All statistical analyses were conducted using the SPSS version 17.0 (IBM Inc., Armonk, NY, USA). As the current sample sizes were relatively small, normal distributions of the present data sets across all metabolites were not warranted in advance. Therefore, non-parametric statistics were employed for the statistical analyses. The obtained relative area values of each metabolite were regarded as their relative concentration. We tested the differences of these relative concentrations between the ASD participants and the controls using two-tailed Mann-Whitney U test in the first set. For the purpose of exploration, significance levels were set at p<0.05 for each metabolite without correction for multiple comparisons. For the purpose of replication, we compared the metabolite levels, which showed significant differences due to diagnosis in the first set, between the participants with ASD and the controls in the second set using one-tailed Mann-Whitney U test. As analyses on the second set were aimed to replicate findings in the first set, the directions of expected effects were known a priori. Thus, one-tailed tests (p<0.05 were set as significance) were used without correction for multiple comparisons [34].

Discriminant analyses between ASD and controls based on the identified metabolites.

To preliminarily test the possibility of the detected metabolites as a diagnostic tool, we conducted discriminant analyses using metabolite levels that were significantly and consistently different in the ASD participants in the first and the second sets. Since the discriminant analyses were conducted separately on the first and second sets, the significance levels were set at p<0.025 with Bonferroni correction for two data sets.

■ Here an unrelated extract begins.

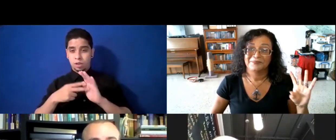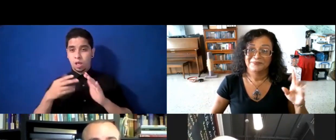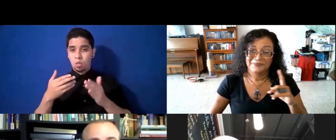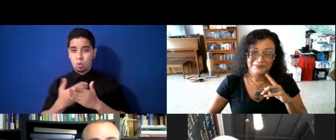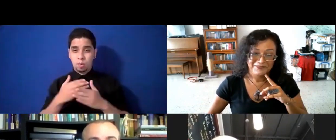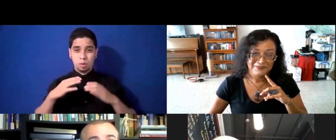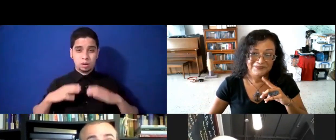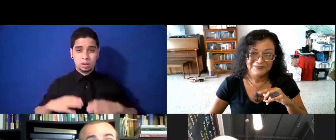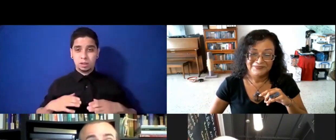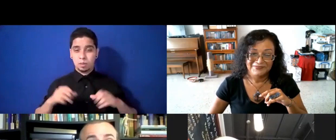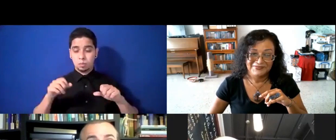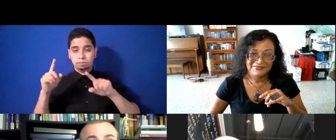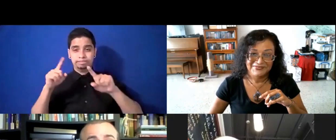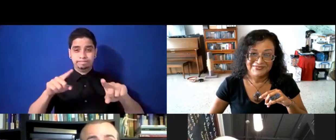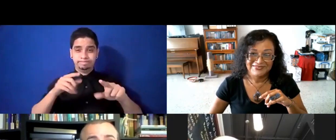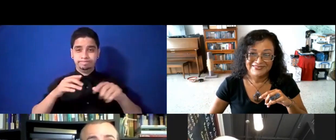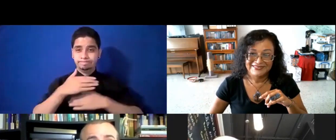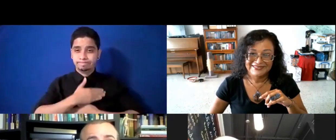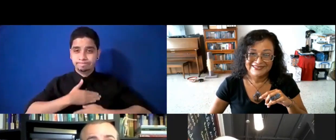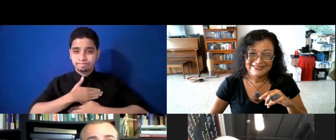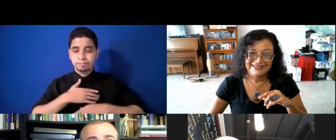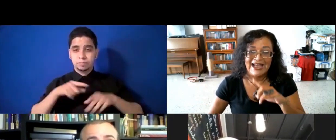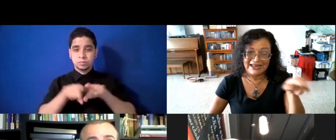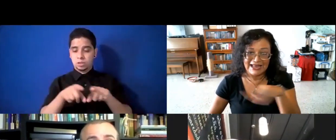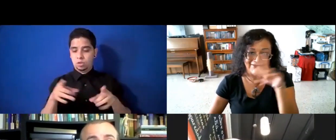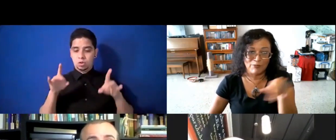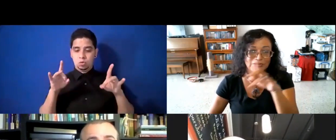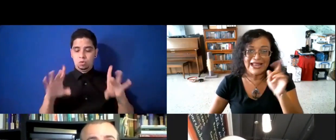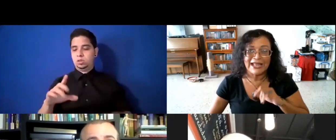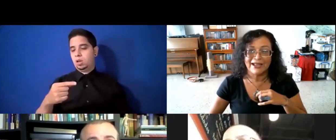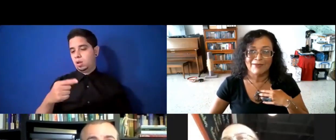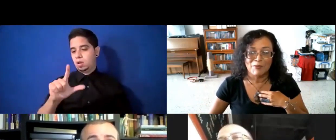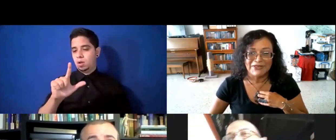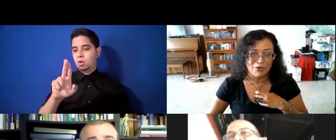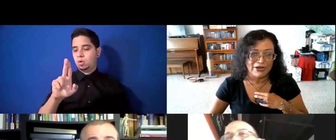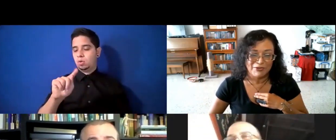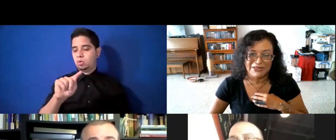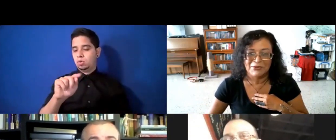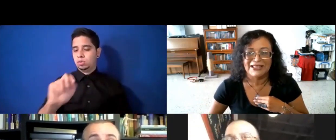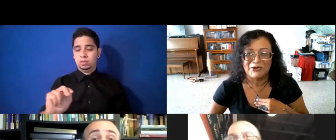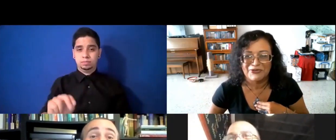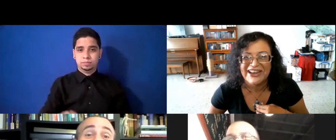inmensas, la gente que no, no tolere el gluten, aquí habemos tres, que vamos para allá cogiendo, y pedimos la de coliflor,

Comparisons for absolute metabolites concentrations between ASD individuals and controls.

Analysis by CE-TOFMS in our system enables measurement of the absolute quantities of pre-determined 108 major metabolites, based on the peak area of internal controls of each metabolite. Since the quantity of these metabolites can be reliably compared across different experimental batches, absolute concentrations were quantified for these metabolites for the purpose of further verification in the combined sample of the first and second sets. We compared absolute concentrations of the major metabolites using two-tailed U test between the 25 ASD individuals and 28 controls. To test the robustness of findings from comparisons using relative metabolite measures, statistical significance was set at p<0.05/N (number of metabolites absolutely quantified among the metabolites consistently showed significant differences at relative concentrations in both the first and second sets) employing Bonferroni correction.

Correlation analyses between metabolites and clinical measures.

To explore clinical significance of the deviated metabolites in the plasma from ASD subjects, we calculated Spearman’s rank correlation coefficients between their clinical characteristics (i.e. ADI-R, GAF, IQ) and absolute value of significant metabolites in the combined sample set. Since the correlation analyses were implicated as exploratory analyses, we adopted absolute values in the combined sample set to increase the statistical power, and then statistical significance was defined as p<0.05.

Results

By the CE-TOFMS analysis, a total of 143 metabolites were detected in the plasma samples of the first sample set (79 and 64 metabolites for the cation and anion modes, respectively). Of these, 17 metabolites showed significantly different relative areas between the ASD participants and the controls. Of the 17 metabolites which showed significant difference in the first sample set, 14 metabolites were successfully quantified in the second sample set, although a total of 141 metabolites were measurable (76 and 65 metabolites for cation and anion modes, respectively). The lists of detected metabolites in the first and the second sample sets were available in Table S1. For the purpose of validating the findings in the first sample set, we conducted a one-tailed Mann-Whitney U test for the relative areas of the 14 metabolites. Then, we found that the ASD participants had significantly high levels of arginine (p = 0.024) and taurine (p = 0.018), low levels of 5-oxoproline (p<0.001) and lactic acid (p = 0.031) compared with the controls in the second sample set (Table 2 and Figure 1).

thumbnail
Figure 1. Metabolites with significantly deviated relative concentrations in the ASD participants.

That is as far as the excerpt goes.